### [EXERCISE AIM]
Leave out the images and set down the records below exactly.

________________

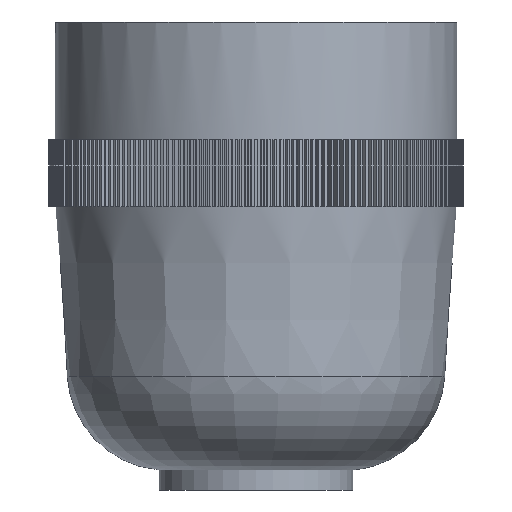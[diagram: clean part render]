
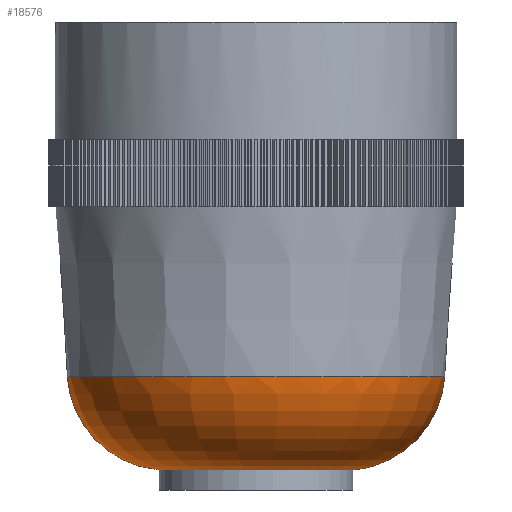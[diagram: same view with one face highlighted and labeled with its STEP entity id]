
A CAD part, front view. The second image highlights one B-rep face of the part: STEP entity #18576.
In plain terms, the highlighted toroidal (fillet/blend) face has major radius 6.627 mm and minor radius 7.5 mm.
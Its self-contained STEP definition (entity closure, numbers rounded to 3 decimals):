
#24=DEGENERATE_TOROIDAL_SURFACE('',#19718,6.627,7.5,
 .T.);
#4794=ORIENTED_EDGE('',*,*,#10219,.T.);
#4795=ORIENTED_EDGE('',*,*,#10218,.F.);
#10218=EDGE_CURVE('',#12966,#12966,#14618,.T.);
#10219=EDGE_CURVE('',#12967,#12967,#14619,.T.);
#12966=VERTEX_POINT('',#27393);
#12967=VERTEX_POINT('',#27396);
#14618=CIRCLE('',#19717,7.25);
#14619=CIRCLE('',#19719,14.108);
#15320=EDGE_LOOP('',(#4794));
#15321=EDGE_LOOP('',(#4795));
#16432=FACE_BOUND('',#15320,.T.);
#16433=FACE_BOUND('',#15321,.T.);
#18576=ADVANCED_FACE('',(#16432,#16433),#24,.T.);
#19717=AXIS2_PLACEMENT_3D('',#27392,#21737,#21738);
#19718=AXIS2_PLACEMENT_3D('',#27394,#21739,#21740);
#19719=AXIS2_PLACEMENT_3D('',#27395,#21741,#21742);
#21737=DIRECTION('',(0.,0.,-1.));
#21738=DIRECTION('',(1.,0.,0.));
#21739=DIRECTION('',(0.,0.,-1.));
#21740=DIRECTION('',(-1.,0.,0.));
#21741=DIRECTION('',(0.,0.,-1.));
#21742=DIRECTION('',(1.,0.,0.));
#27392=CARTESIAN_POINT('',(0.,0.,-32.9));
#27393=CARTESIAN_POINT('',(7.25,0.,-32.9));
#27394=CARTESIAN_POINT('',(0.,0.,-25.426));
#27395=CARTESIAN_POINT('',(0.,0.,-25.949));
#27396=CARTESIAN_POINT('',(14.108,0.,-25.949));

________________

### [EXPECTED OUTPUT]
[diagram: clean part render]
[diagram: same view with one face highlighted and labeled with its STEP entity id]
A CAD part, front view. The second image highlights one B-rep face of the part: STEP entity #18576.
In plain terms, the highlighted toroidal (fillet/blend) face has major radius 6.627 mm and minor radius 7.5 mm.
Its self-contained STEP definition (entity closure, numbers rounded to 3 decimals):
#24=DEGENERATE_TOROIDAL_SURFACE('',#19718,6.627,7.5,
 .T.);
#4794=ORIENTED_EDGE('',*,*,#10219,.T.);
#4795=ORIENTED_EDGE('',*,*,#10218,.F.);
#10218=EDGE_CURVE('',#12966,#12966,#14618,.T.);
#10219=EDGE_CURVE('',#12967,#12967,#14619,.T.);
#12966=VERTEX_POINT('',#27393);
#12967=VERTEX_POINT('',#27396);
#14618=CIRCLE('',#19717,7.25);
#14619=CIRCLE('',#19719,14.108);
#15320=EDGE_LOOP('',(#4794));
#15321=EDGE_LOOP('',(#4795));
#16432=FACE_BOUND('',#15320,.T.);
#16433=FACE_BOUND('',#15321,.T.);
#18576=ADVANCED_FACE('',(#16432,#16433),#24,.T.);
#19717=AXIS2_PLACEMENT_3D('',#27392,#21737,#21738);
#19718=AXIS2_PLACEMENT_3D('',#27394,#21739,#21740);
#19719=AXIS2_PLACEMENT_3D('',#27395,#21741,#21742);
#21737=DIRECTION('',(0.,0.,-1.));
#21738=DIRECTION('',(1.,0.,0.));
#21739=DIRECTION('',(0.,0.,-1.));
#21740=DIRECTION('',(-1.,0.,0.));
#21741=DIRECTION('',(0.,0.,-1.));
#21742=DIRECTION('',(1.,0.,0.));
#27392=CARTESIAN_POINT('',(0.,0.,-32.9));
#27393=CARTESIAN_POINT('',(7.25,0.,-32.9));
#27394=CARTESIAN_POINT('',(0.,0.,-25.426));
#27395=CARTESIAN_POINT('',(0.,0.,-25.949));
#27396=CARTESIAN_POINT('',(14.108,0.,-25.949));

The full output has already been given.